**What is being asked:** The entries below contain pictures. Retype everything except those pictures, exactly as given.
•••••
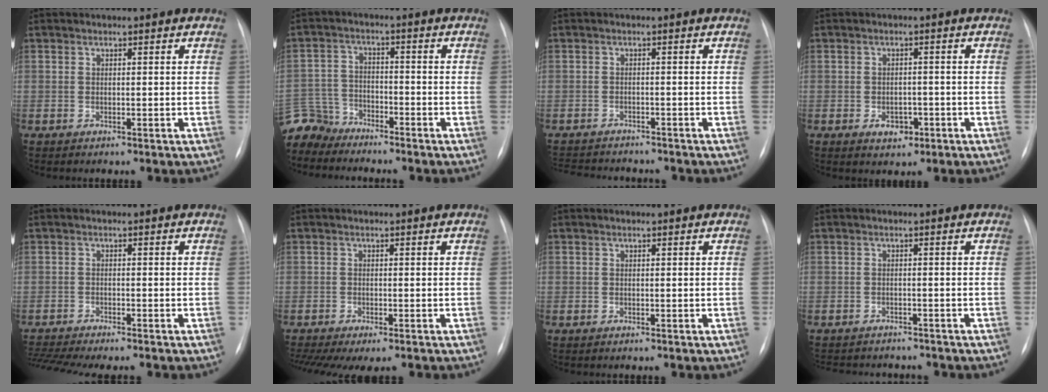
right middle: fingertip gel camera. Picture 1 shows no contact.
{"total": 8.0, "force": [-7.6, 2.6, -0.2], "torque": [-0.005, 0.004, -0.153]}
{"total": 8.8, "force": [-8.0, 2.4, 2.7], "torque": [-0.048, -0.001, -0.109]}
{"total": 3.1, "force": [-1.3, 2.1, 1.8], "torque": [-0.020, 0.003, -0.010]}
{"total": 8.4, "force": [-7.4, 0.3, 3.9], "torque": [-0.062, -0.003, -0.115]}
{"total": 8.2, "force": [-6.3, 2.1, 4.8], "torque": [-0.076, -0.001, -0.094]}
{"total": 0.0}
{"total": 7.7, "force": [-7.0, 2.6, 1.9], "torque": [-0.030, 0.001, -0.086]}
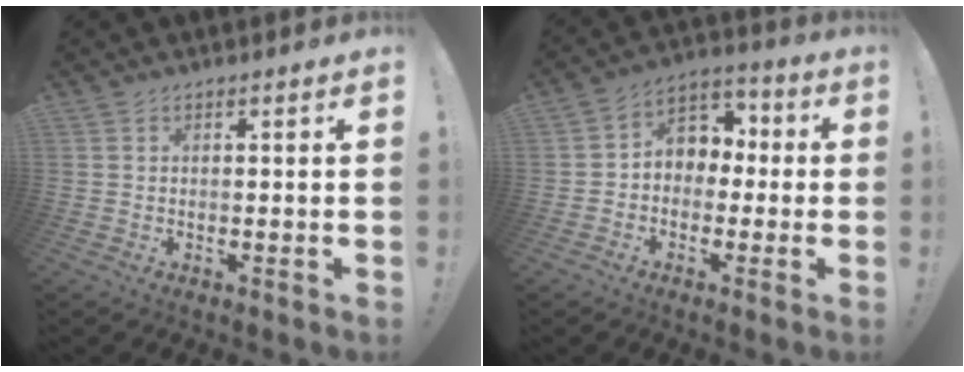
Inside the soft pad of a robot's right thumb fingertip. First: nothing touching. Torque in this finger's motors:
{"motor_torque": [1.28, 1.18, 0.69, -0.17, -0.01]}
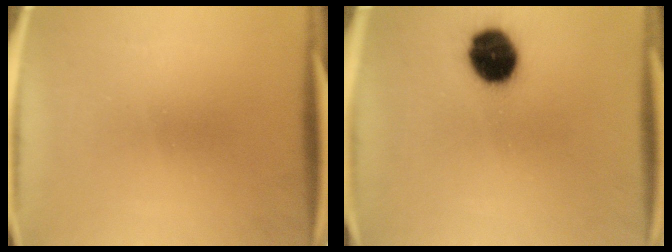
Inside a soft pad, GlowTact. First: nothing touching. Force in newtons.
{"total": 12.2}
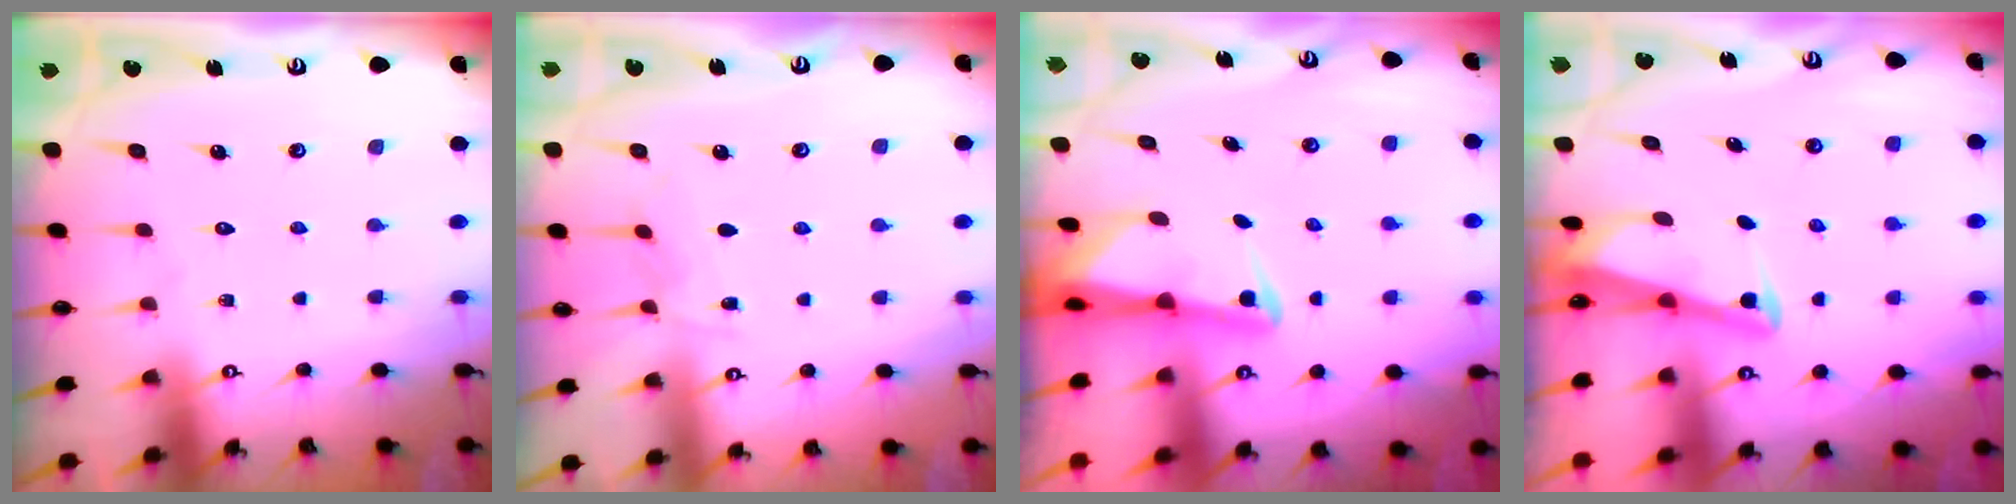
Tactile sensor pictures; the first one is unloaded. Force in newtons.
{"total": 4.9, "press": 4.9, "slide": 0.5}
{"total": 2.5, "press": 2.5, "slide": 0.5}
{"total": 2.7, "press": 2.7, "slide": 0.3}
•••••
**Response to the exercise:**
right middle: fingertip gel camera. Picture 1 shows no contact.
{"total": 8.0, "force": [-7.6, 2.6, -0.2], "torque": [-0.005, 0.004, -0.153]}
{"total": 8.8, "force": [-8.0, 2.4, 2.7], "torque": [-0.048, -0.001, -0.109]}
{"total": 3.1, "force": [-1.3, 2.1, 1.8], "torque": [-0.020, 0.003, -0.010]}
{"total": 8.4, "force": [-7.4, 0.3, 3.9], "torque": [-0.062, -0.003, -0.115]}
{"total": 8.2, "force": [-6.3, 2.1, 4.8], "torque": [-0.076, -0.001, -0.094]}
{"total": 0.0}
{"total": 7.7, "force": [-7.0, 2.6, 1.9], "torque": [-0.030, 0.001, -0.086]}
Inside the soft pad of a robot's right thumb fingertip. First: nothing touching. Torque in this finger's motors:
{"motor_torque": [1.28, 1.18, 0.69, -0.17, -0.01]}
Inside a soft pad, GlowTact. First: nothing touching. Force in newtons.
{"total": 12.2}
Tactile sensor pictures; the first one is unloaded. Force in newtons.
{"total": 4.9, "press": 4.9, "slide": 0.5}
{"total": 2.5, "press": 2.5, "slide": 0.5}
{"total": 2.7, "press": 2.7, "slide": 0.3}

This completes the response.